Analysis method does calculation and check.
Core principle component analysis KPCA is principal component analysis PCA nonlinear extensions, and KPCA is by mapping function Φ handles
Original vector is mapped to higher dimensional space F, and PCA analyses are carried out on F, the information of index can be extracted to greatest extent.Assuming that x1,
X2 ... ... xM are training sample, and the input space is represented with { xi }.The basic thought of KPCA methods is will by certain implicit
The input space is mapped to some higher dimensional space (being frequently referred to feature space), and realizes in feature space principal component analysis PCA.

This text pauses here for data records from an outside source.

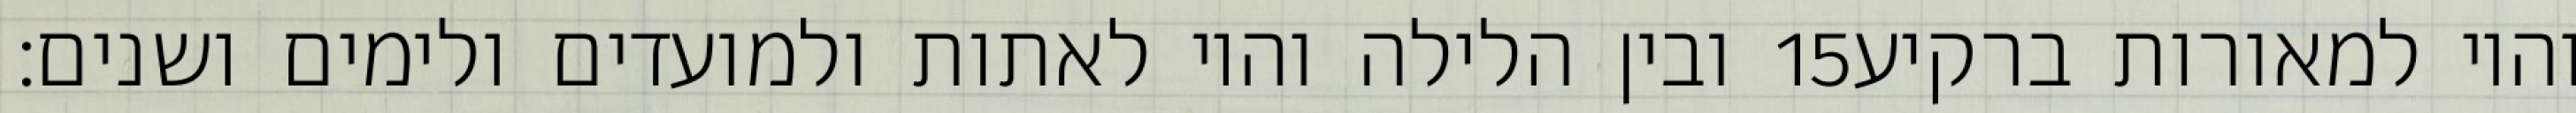
ובין הלילה והיו לאתות ולמועדים ולימים ושנים׃ ‎15‏ והיו למאורות ברקיע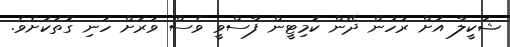
ޝަކީލާ އަށް ރުހުން ދޭން ކޮމިޓީން ފާސްވީ ވެސް ވަރަށް ހަނި ގޮތަކަށެވެ.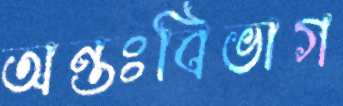
অন্তঃবিভাগ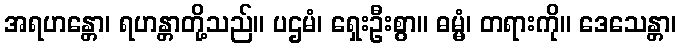
အရဟန္တော၊ ရဟန္တာတို့သည်။ ပဌမံ၊ ရှေးဦးစွာ။ ဓမ္မံ၊ တရားကို။ ဒေသေန္တာ၊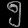
Digit: ၅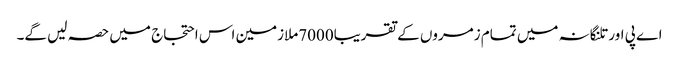
اے پی اور تلنگانہ میں تمام زمروں کے تقریبا7000ملازمین اس احتجاج میں حصہ لیں گے۔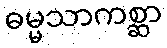
ဓမ္မသာကစ္ဆာ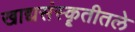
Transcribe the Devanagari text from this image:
खाद्यसंस्कॄतीतले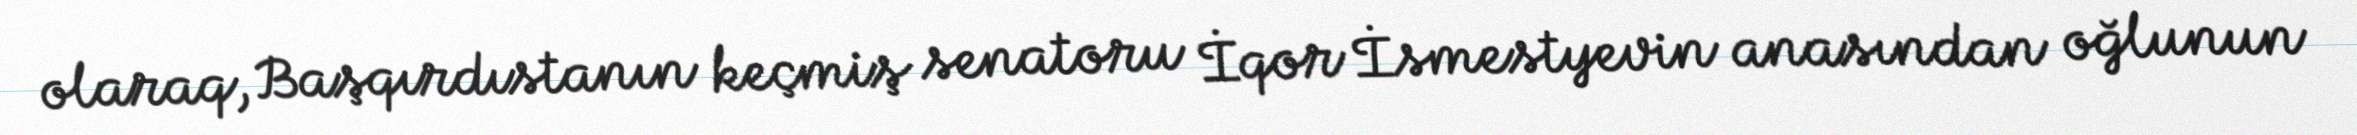
olaraq, Başqırdıstanın keçmiş senatoru İqor İsmestyevin anasından oğlunun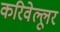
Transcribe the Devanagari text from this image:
करिवेल्लूर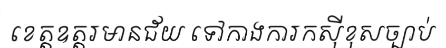
ខេត្តឧត្តរមានជ័យ ទៅកាងការកស៊ីខុសច្បាប់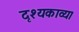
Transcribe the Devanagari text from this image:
दृश्यकाव्य।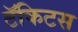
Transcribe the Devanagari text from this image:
टॅकिटस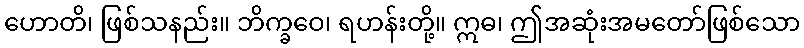
ဟောတိ၊ ဖြစ်သနည်း။ ဘိက္ခဝေ၊ ရဟန်းတို့။ ဣဓ၊ ဤအဆုံးအမတော်ဖြစ်သော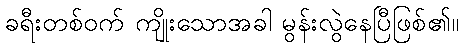
ခရီးတစ်ဝက် ကျိုးသောအခါ မွန်းလွဲနေပြီဖြစ်၏။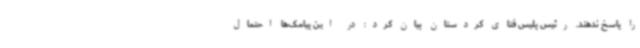
را پاسخ ندهند. رئیس پلیس فتای کردستان بیان کرد: در این پیامک‌ها احتمال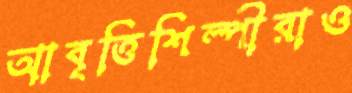
আবৃত্তিশিল্পীরাও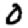
Digit: 0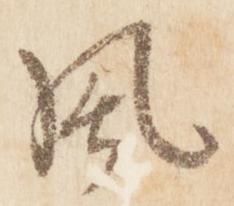
風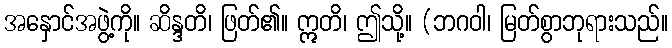
အနှောင်အဖွဲ့ကို။ ဆိန္ဒတိ၊ ဖြတ်၏။ ဣတိ၊ ဤသို့။ (ဘဂဝါ၊ မြတ်စွာဘုရားသည်။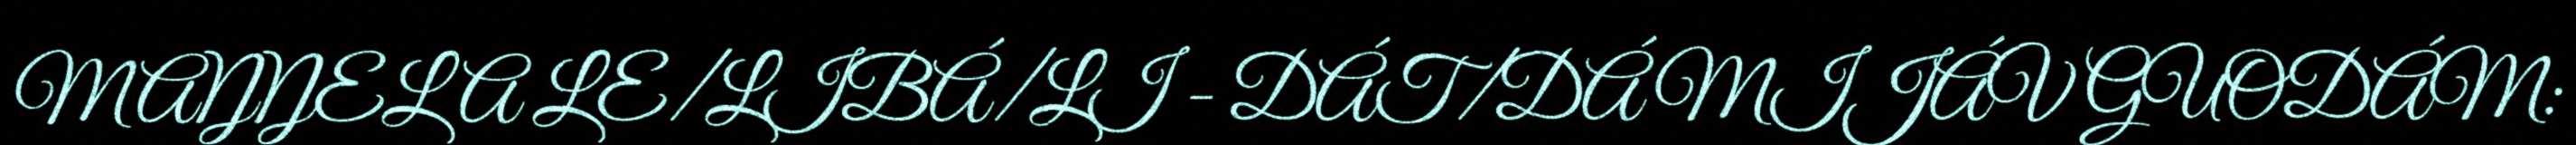
MAŊŊELA LE/LIBÁ/LI - DÁT/DÁ MIJÁV GUODÁM: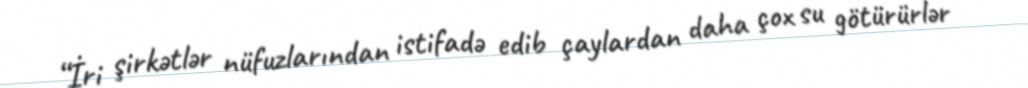
“İri şirkətlər nüfuzlarından istifadə edib çaylardan daha çox su götürürlər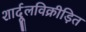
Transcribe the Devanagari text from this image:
शार्दूलविक्रीड़ित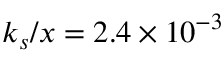
k _ { s } / x = 2 . 4 \times 1 0 ^ { - 3 }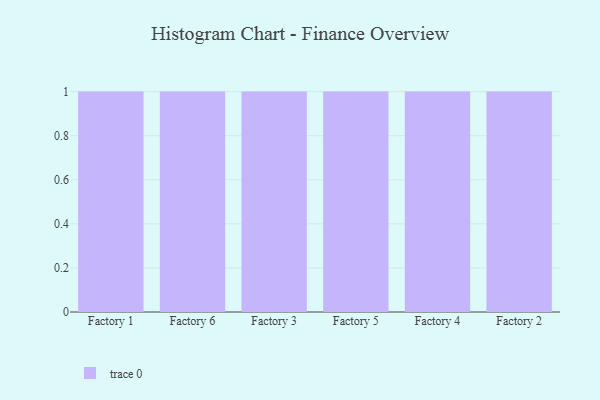
{"axis": {"x": "Factory", "y": "Inventory Turnover"}, "legend": [""], "data": [{"x": "Factory 1", "y": 8, "type": ""}, {"x": "Factory 6", "y": 35, "type": ""}, {"x": "Factory 3", "y": 99, "type": ""}, {"x": "Factory 5", "y": 16, "type": ""}, {"x": "Factory 4", "y": 43, "type": ""}, {"x": "Factory 2", "y": 95, "type": ""}]}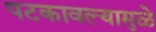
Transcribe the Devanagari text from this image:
पटकावल्यामुळे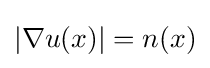
|\nabla u(x)|=n(x)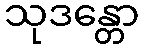
သုဒန္တော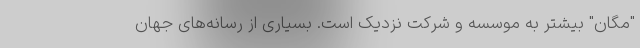
"مگان" بیشتر به موسسه و شرکت نزدیک است. بسیاری از رسانه‌های جهان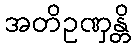
အတိဥဏှန္တိ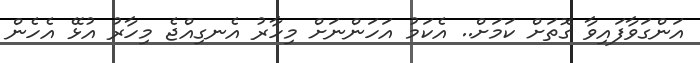
އަންގަވާފައިވާ ގޮތަށް ކަމަށް.. އެކަމު އަހަންނަށް މިހާރު އެނގިއްޖެ މިހާރު އުޅޭ އެހެން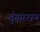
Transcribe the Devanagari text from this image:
तुंगारराय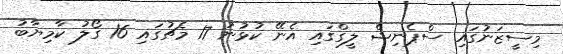
މިސީޒަނުގައި ސްޕެނިޝް ލީގްގައި އެނޭ ކުޅުނު 17 މެޗުގައި 16 ގޯލު ކާމިޔާބު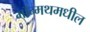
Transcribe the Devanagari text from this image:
मॉन्मथमधील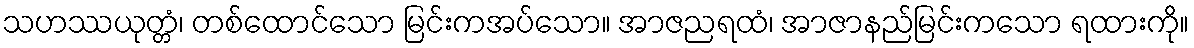
သဟဿယုတ္တံ၊ တစ်ထောင်သော မြင်းကအပ်သော။ အာဇညရထံ၊ အာဇာနည်မြင်းကသော ရထားကို။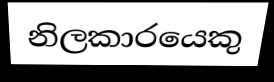
නිලකාරයෙකු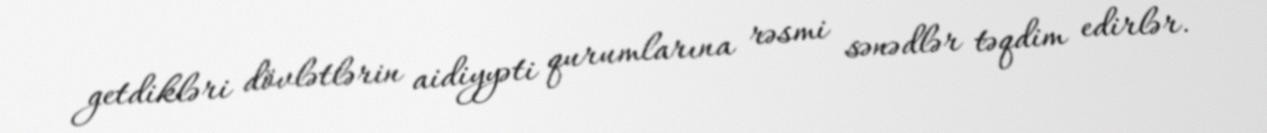
getdikləri dövlətlərin aidiyyəti qurumlarına rəsmi sənədlər təqdim edirlər.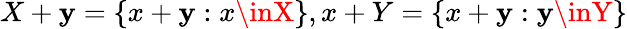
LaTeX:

Assuming that be mapped as Φ accordingly, kernel function K by mapping φ by implicit realization from point x to F mapping, and by
Data meet the condition [15] of centralization in feature space obtained by this mapping, i.e.,
Then the covariance matrix in feature space is:
Now ask C eigenvalue λ >=0 and characteristic vector V ∈ F { 0 }, C ν=λ ν, and in view of all
Characteristic vector be represented by Φ (x1), Φ (x2) ..., the linear of Φ (xM) then has
Wherein, v=1,2 ..., M.M × M dimension matrix Ks are defined, characteristic value and characteristic vector can be obtained, for test sample
In being projected as characteristic vector space Vk
Inner product kernel function, which is replaced, then to be had
And it is possible to which further nuclear matrix is modified to
Other steps and parameter are identical with one of embodiment one to three.
Embodiment five:Unlike one of present embodiment and embodiment one to four:It is described to utilize letter
Breath gain, which is calculated, to be obtained the detailed process of feature ordering and is:
Feature selecting is exactly, by searching for all possible characteristic set in data set, one group to be chosen according to certain rule
Effective feature is to reduce the dimension of feature space.Meanwhile, avoid these by removing some redundancies of feature space
Influence of the information to classification prediction, so as to improve the predictablity rate and computational efficiency of sorting algorithm.Information gain (IG) be into
The most popular method of row feature selecting.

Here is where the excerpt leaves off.